**Task statement:** Your task is to write out every line of the data exactly. Drop the pictures.

**The data:**
------------
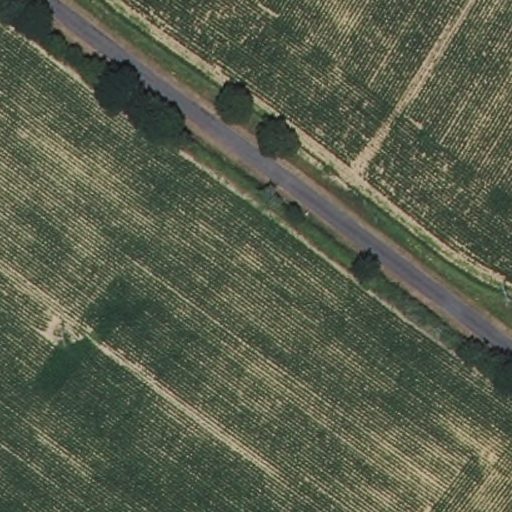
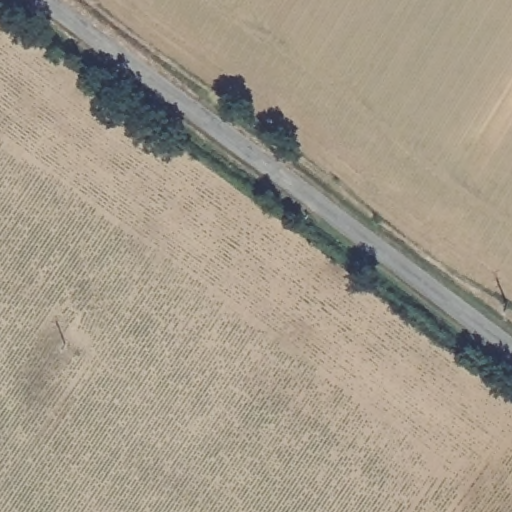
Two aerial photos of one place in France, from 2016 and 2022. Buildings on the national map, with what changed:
unchanged [(362,290),(351,281),(361,268),(373,278),(362,290)]

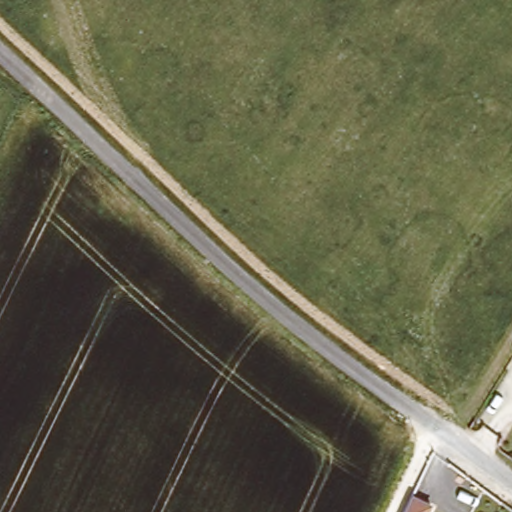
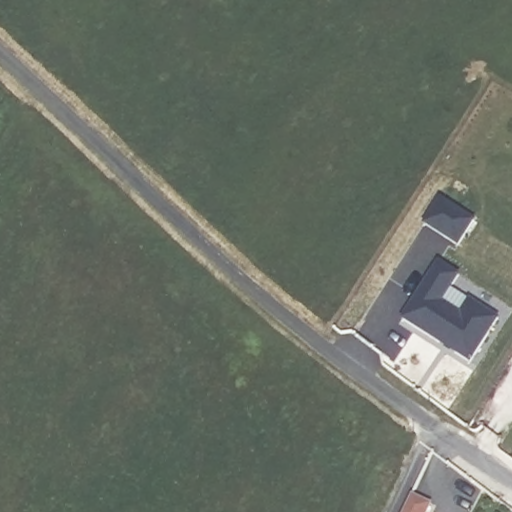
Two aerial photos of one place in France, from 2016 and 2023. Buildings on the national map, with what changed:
new [(443,199),(477,221),(461,247),(428,224),(443,199)]
new [(442,263),(463,276),(446,302),(464,315),(473,301),(502,320),(474,363),(406,319),(442,263)]
unchanged [(434,502),(430,512),(403,512),(413,490),(434,502)]

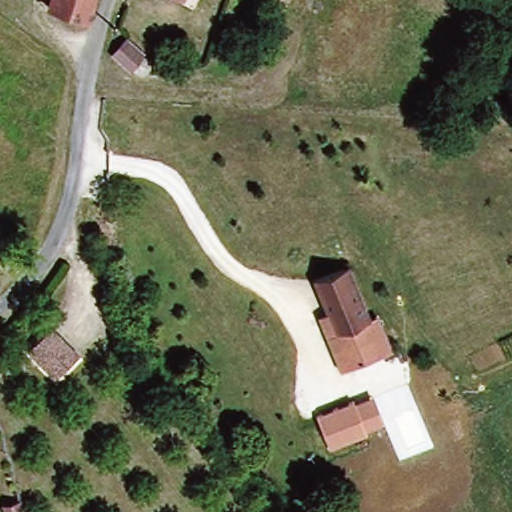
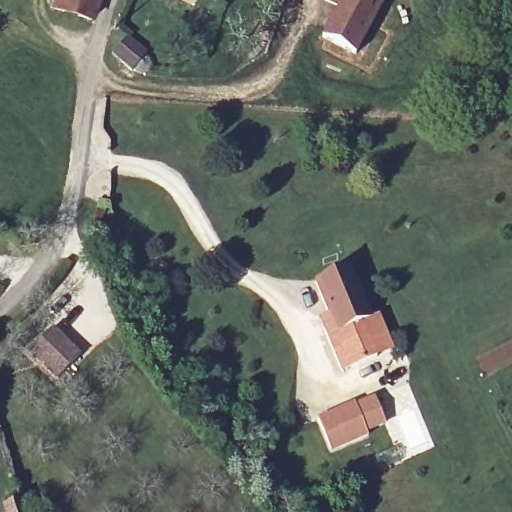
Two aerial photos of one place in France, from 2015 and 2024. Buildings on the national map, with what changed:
unchanged [(94,17),(51,3),(52,0),(100,0),(94,17)]
new [(358,55),(323,37),(341,0),(385,0),(386,1),(358,55)]
unchanged [(149,71),(143,72),(125,56),(117,49),(131,31),(148,46),(153,62),(149,71)]
unchanged [(336,325),(318,281),(354,267),(375,321),(365,325),(379,360),(346,374),(326,330),(336,325)]
unchanged [(57,375),(30,344),(53,323),(80,352),(57,375)]
unchanged [(384,424),(368,431),(369,436),(336,449),(321,417),(356,401),(359,404),(377,395),(384,424)]
unchanged [(24,505),(27,512),(9,512),(8,507),(24,505)]

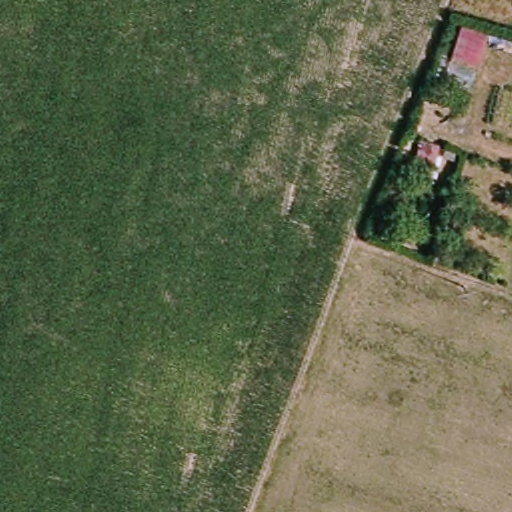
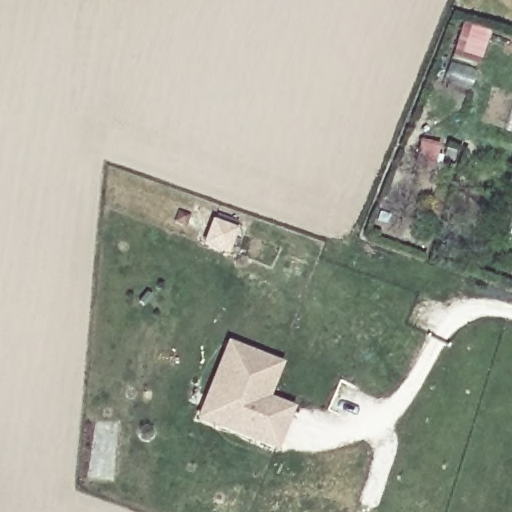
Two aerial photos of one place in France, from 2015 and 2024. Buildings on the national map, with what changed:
unchanged [(461,25),(490,34),(480,68),(451,58),(461,25)]
new [(215,222),(236,230),(229,251),(208,243),(215,222)]
new [(231,343),(282,363),(269,398),(276,400),(293,408),(287,423),(278,448),(223,426),(202,418),(209,401),(231,343)]

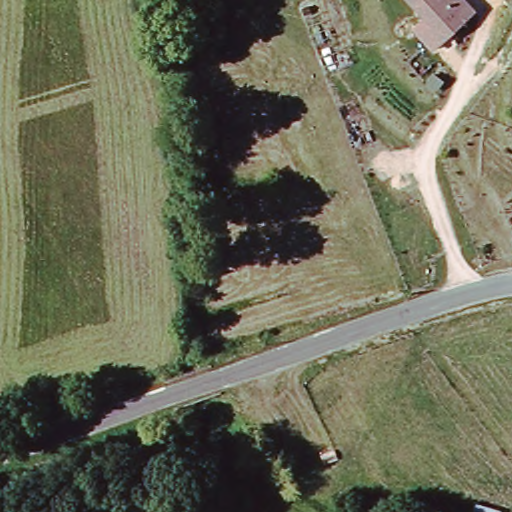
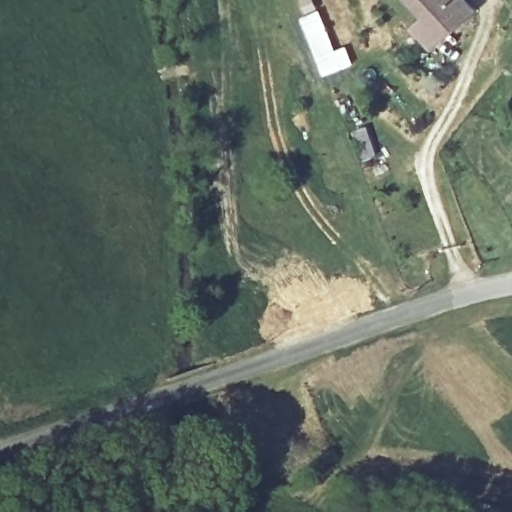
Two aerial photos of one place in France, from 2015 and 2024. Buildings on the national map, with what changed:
unchanged [(423,18),(406,0),(471,0),(479,9),(433,49),(414,26),(423,18)]
new [(305,24),(303,25),(300,17),(320,11),(334,50),(347,46),(354,65),(319,75),(305,24)]

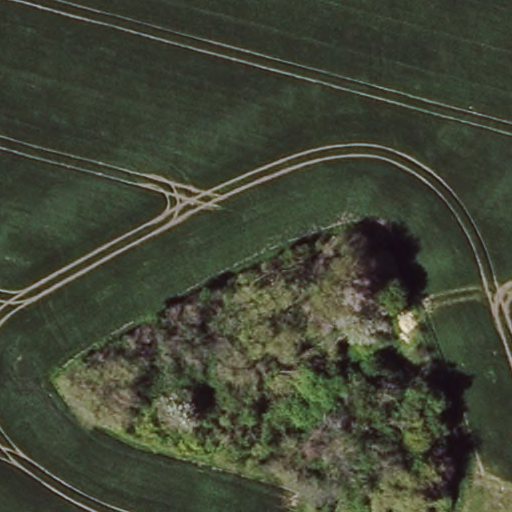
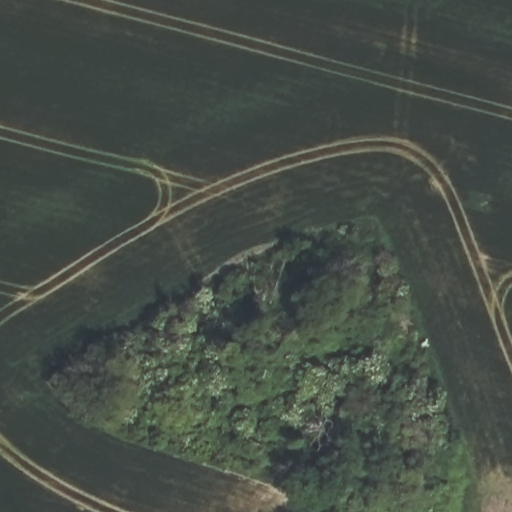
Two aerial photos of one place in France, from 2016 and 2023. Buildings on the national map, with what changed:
unchanged [(275,347),(247,295),(313,260),(340,312),(311,327),(288,340),(275,347)]
unchanged [(199,320),(184,339),(168,326),(183,307),(199,320)]
------------
**Task solution:**
Two aerial photos of one place in France, from 2016 and 2022. Buildings on the national map, with what changed:
unchanged [(362,290),(351,281),(361,268),(373,278),(362,290)]

Two aerial photos of one place in France, from 2016 and 2023. Buildings on the national map, with what changed:
new [(443,199),(477,221),(461,247),(428,224),(443,199)]
new [(442,263),(463,276),(446,302),(464,315),(473,301),(502,320),(474,363),(406,319),(442,263)]
unchanged [(434,502),(430,512),(403,512),(413,490),(434,502)]

Two aerial photos of one place in France, from 2015 and 2024. Buildings on the national map, with what changed:
unchanged [(94,17),(51,3),(52,0),(100,0),(94,17)]
new [(358,55),(323,37),(341,0),(385,0),(386,1),(358,55)]
unchanged [(149,71),(143,72),(125,56),(117,49),(131,31),(148,46),(153,62),(149,71)]
unchanged [(336,325),(318,281),(354,267),(375,321),(365,325),(379,360),(346,374),(326,330),(336,325)]
unchanged [(57,375),(30,344),(53,323),(80,352),(57,375)]
unchanged [(384,424),(368,431),(369,436),(336,449),(321,417),(356,401),(359,404),(377,395),(384,424)]
unchanged [(24,505),(27,512),(9,512),(8,507),(24,505)]

Two aerial photos of one place in France, from 2015 and 2024. Buildings on the national map, with what changed:
unchanged [(461,25),(490,34),(480,68),(451,58),(461,25)]
new [(215,222),(236,230),(229,251),(208,243),(215,222)]
new [(231,343),(282,363),(269,398),(276,400),(293,408),(287,423),(278,448),(223,426),(202,418),(209,401),(231,343)]

Two aerial photos of one place in France, from 2015 and 2024. Buildings on the national map, with what changed:
unchanged [(423,18),(406,0),(471,0),(479,9),(433,49),(414,26),(423,18)]
new [(305,24),(303,25),(300,17),(320,11),(334,50),(347,46),(354,65),(319,75),(305,24)]

Two aerial photos of one place in France, from 2016 and 2023. Buildings on the national map, with what changed:
unchanged [(275,347),(247,295),(313,260),(340,312),(311,327),(288,340),(275,347)]
unchanged [(199,320),(184,339),(168,326),(183,307),(199,320)]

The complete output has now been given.